### Assignment:
Count every line in the entries below that contains the word "heavy", and give only that number.

══ Exercise materials ══

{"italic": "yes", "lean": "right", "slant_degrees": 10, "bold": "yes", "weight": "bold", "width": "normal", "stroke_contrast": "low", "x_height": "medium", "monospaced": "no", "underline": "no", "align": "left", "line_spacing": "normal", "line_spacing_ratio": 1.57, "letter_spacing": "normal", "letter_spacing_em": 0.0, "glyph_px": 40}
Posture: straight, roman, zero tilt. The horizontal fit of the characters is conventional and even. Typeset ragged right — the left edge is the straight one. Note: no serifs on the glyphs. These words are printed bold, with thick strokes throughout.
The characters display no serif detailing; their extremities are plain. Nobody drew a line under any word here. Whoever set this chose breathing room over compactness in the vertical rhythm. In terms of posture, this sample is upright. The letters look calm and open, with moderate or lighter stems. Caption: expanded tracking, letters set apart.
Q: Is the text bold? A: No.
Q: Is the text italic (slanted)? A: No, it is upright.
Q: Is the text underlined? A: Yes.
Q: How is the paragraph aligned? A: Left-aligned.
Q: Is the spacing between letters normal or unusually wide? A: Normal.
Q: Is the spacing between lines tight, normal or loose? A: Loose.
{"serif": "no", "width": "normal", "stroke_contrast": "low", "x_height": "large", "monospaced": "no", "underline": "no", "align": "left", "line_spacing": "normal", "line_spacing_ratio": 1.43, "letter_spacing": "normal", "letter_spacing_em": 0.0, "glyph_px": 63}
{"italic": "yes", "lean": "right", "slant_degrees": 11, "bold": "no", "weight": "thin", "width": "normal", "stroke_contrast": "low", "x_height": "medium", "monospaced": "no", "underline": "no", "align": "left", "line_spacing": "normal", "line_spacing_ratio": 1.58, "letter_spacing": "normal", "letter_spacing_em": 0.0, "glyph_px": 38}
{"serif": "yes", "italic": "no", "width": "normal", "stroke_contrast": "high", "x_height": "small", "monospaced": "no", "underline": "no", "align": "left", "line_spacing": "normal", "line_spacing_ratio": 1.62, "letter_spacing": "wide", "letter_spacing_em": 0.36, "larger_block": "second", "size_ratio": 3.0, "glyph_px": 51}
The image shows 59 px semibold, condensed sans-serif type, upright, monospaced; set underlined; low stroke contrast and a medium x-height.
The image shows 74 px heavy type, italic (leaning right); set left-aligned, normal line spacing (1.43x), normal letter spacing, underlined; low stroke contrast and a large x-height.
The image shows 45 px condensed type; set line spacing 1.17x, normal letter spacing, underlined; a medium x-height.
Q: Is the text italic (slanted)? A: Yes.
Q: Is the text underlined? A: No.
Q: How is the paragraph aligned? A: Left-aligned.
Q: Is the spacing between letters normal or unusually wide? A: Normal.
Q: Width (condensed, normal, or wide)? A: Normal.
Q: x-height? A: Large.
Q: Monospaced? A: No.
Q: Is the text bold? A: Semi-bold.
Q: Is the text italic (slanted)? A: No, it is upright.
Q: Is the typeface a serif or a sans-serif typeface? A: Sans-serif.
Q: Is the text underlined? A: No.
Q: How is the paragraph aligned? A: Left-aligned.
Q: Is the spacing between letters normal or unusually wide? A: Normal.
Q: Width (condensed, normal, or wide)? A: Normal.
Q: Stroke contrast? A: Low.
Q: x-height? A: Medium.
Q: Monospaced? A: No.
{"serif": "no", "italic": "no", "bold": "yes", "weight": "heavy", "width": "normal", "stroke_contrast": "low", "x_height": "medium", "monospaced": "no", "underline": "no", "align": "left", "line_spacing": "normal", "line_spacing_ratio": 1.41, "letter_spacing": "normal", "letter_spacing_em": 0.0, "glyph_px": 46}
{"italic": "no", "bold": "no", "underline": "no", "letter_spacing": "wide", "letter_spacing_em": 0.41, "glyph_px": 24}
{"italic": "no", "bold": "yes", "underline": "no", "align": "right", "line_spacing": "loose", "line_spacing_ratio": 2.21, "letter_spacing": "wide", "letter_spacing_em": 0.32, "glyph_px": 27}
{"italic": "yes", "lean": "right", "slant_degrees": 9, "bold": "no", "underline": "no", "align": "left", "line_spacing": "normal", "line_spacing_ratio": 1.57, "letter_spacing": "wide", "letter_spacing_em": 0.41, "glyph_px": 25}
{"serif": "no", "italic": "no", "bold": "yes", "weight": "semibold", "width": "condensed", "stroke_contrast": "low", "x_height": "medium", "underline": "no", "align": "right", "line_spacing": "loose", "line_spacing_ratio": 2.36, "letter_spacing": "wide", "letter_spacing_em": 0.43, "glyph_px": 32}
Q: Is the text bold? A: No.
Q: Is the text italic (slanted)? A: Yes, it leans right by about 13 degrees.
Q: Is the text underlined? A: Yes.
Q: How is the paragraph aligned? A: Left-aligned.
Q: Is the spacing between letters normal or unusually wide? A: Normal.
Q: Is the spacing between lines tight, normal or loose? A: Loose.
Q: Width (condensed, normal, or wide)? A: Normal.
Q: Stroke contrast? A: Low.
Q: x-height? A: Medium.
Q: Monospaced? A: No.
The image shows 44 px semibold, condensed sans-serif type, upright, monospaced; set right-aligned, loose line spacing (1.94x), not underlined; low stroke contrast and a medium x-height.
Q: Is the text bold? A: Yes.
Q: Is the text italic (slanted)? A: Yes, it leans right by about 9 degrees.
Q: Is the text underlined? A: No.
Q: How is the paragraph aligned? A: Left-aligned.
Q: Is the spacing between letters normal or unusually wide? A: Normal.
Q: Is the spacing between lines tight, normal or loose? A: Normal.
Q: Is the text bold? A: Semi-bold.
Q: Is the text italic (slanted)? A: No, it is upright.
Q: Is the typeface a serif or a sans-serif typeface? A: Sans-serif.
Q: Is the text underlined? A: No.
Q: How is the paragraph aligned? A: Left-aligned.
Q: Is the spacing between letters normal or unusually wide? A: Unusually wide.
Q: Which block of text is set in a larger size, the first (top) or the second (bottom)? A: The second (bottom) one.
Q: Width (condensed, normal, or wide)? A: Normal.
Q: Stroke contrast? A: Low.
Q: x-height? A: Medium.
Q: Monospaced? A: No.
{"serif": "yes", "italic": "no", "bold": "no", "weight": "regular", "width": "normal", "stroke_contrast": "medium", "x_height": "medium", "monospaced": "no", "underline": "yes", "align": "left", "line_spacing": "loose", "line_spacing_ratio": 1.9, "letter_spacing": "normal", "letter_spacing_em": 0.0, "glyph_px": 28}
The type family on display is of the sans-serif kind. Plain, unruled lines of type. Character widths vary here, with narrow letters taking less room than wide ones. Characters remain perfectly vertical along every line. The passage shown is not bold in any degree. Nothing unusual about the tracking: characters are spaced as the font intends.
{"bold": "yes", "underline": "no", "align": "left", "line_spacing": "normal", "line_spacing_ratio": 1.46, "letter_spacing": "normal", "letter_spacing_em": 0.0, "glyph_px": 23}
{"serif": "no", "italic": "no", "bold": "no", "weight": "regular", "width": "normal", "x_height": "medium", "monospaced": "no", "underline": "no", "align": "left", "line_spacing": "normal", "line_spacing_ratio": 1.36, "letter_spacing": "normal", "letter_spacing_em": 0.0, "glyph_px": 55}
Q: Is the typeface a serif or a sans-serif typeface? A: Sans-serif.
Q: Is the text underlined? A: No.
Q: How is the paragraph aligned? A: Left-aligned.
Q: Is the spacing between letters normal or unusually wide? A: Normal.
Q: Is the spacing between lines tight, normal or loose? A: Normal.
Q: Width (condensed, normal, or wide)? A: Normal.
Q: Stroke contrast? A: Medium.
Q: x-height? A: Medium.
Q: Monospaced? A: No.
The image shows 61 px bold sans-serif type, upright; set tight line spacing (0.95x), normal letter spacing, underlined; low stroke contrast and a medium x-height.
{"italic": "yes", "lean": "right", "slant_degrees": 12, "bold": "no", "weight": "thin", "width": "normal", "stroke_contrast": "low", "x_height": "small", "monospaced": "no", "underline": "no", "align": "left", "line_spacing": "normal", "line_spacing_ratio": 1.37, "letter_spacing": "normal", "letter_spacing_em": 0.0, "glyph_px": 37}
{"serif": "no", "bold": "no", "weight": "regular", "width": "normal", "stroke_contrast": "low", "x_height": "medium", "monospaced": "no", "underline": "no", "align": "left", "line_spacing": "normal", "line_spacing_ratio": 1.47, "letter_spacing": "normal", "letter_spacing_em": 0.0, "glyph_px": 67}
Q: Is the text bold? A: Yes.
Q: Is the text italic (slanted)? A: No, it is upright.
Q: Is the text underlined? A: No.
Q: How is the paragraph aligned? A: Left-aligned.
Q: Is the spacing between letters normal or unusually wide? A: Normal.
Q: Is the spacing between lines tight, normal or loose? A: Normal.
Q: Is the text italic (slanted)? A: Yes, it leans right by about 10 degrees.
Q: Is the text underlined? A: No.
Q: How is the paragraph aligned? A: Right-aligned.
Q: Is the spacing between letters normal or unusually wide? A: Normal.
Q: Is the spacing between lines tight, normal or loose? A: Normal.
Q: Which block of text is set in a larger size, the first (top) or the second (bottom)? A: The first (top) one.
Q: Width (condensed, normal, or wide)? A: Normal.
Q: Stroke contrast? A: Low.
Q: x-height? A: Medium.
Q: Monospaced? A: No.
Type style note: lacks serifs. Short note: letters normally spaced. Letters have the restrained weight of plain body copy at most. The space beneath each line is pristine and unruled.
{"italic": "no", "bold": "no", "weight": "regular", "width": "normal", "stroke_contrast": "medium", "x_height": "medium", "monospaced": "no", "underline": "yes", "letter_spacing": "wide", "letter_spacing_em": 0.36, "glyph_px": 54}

═══

### Response area:
2